_TASK TO COMPLETE_:
Repeat the records exactly, minus the pictures.

Data entries:
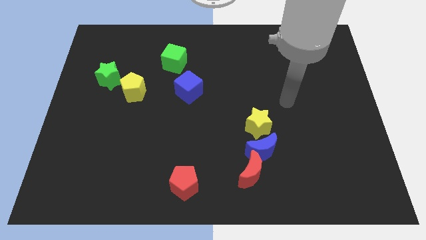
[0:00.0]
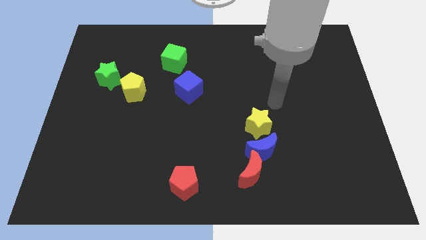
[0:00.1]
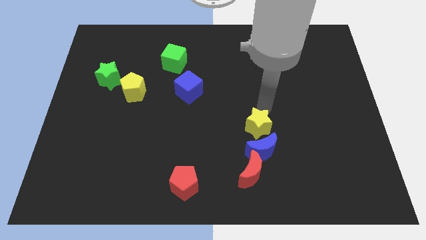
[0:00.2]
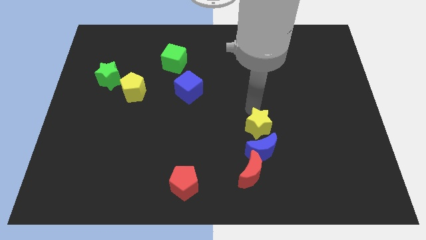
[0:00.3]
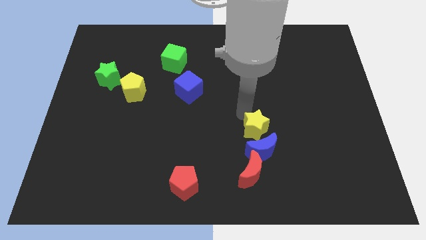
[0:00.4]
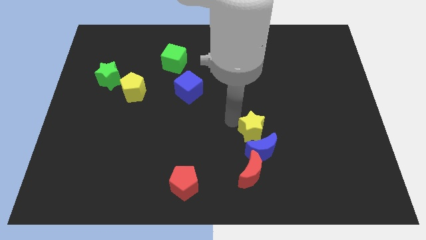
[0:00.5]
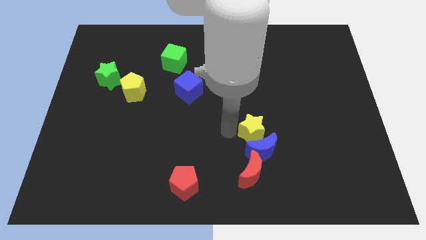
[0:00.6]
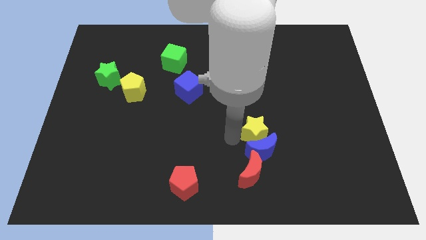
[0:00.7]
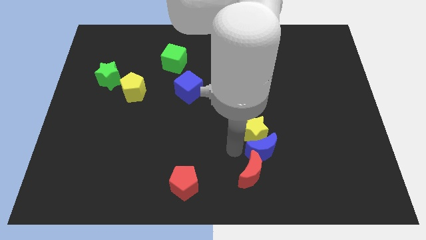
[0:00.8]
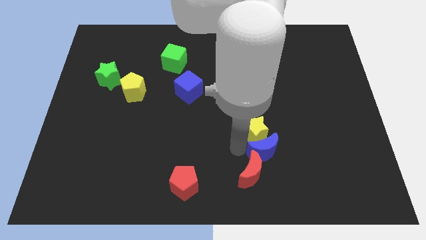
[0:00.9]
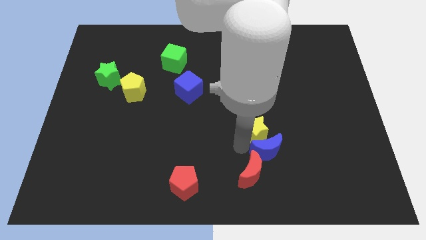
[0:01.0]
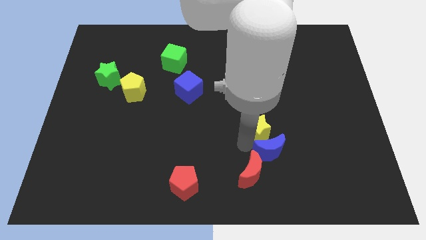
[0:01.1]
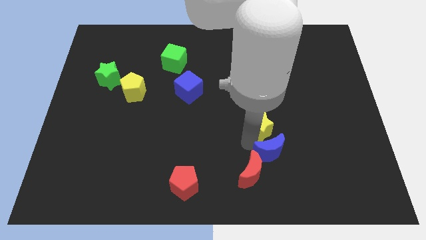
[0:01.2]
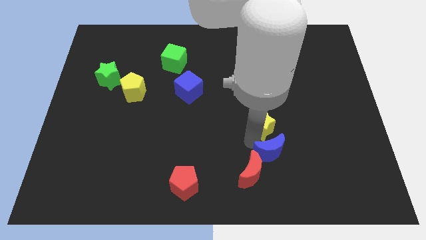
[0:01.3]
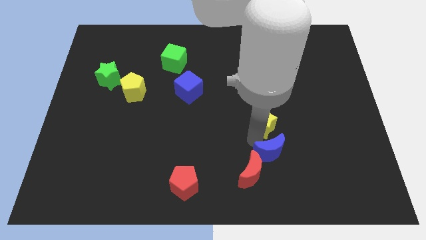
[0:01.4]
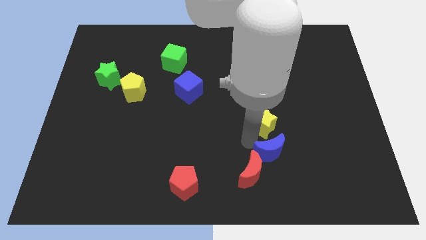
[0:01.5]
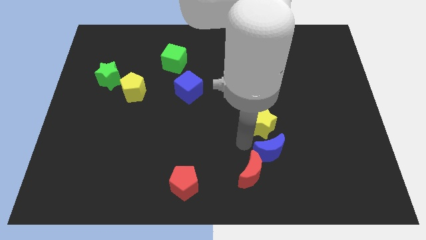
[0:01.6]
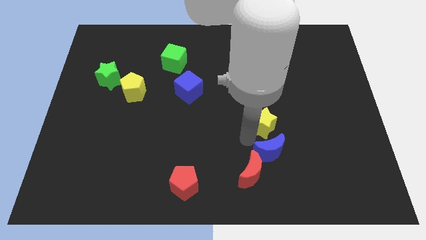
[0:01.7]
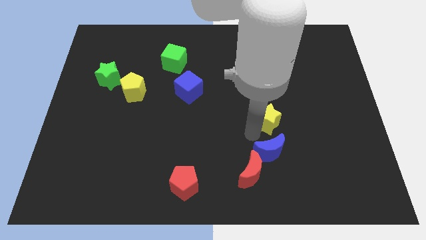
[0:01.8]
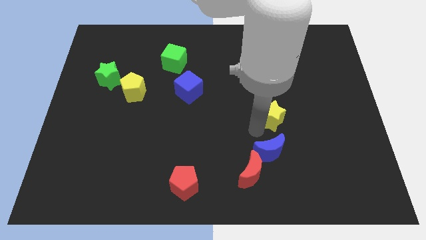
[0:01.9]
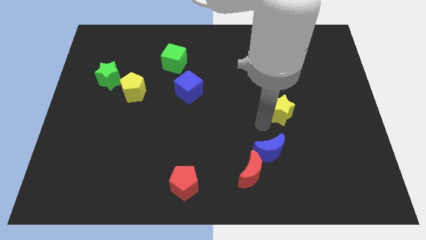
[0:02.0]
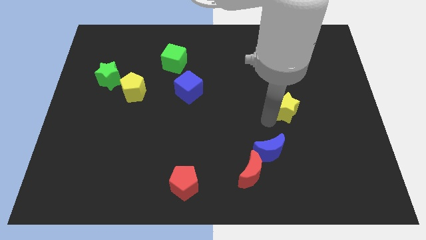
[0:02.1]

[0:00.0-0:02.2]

_WRITTEN SOLUTION_:
[0:00.0]
[0:00.1]
[0:00.2]
[0:00.3]
[0:00.4]
[0:00.5]
[0:00.6]
[0:00.7]
[0:00.8]
[0:00.9]
[0:01.0]
[0:01.1]
[0:01.2]
[0:01.3]
[0:01.4]
[0:01.5]
[0:01.6]
[0:01.7]
[0:01.8]
[0:01.9]
[0:02.0]
[0:02.1]

[0:00.0-0:02.2]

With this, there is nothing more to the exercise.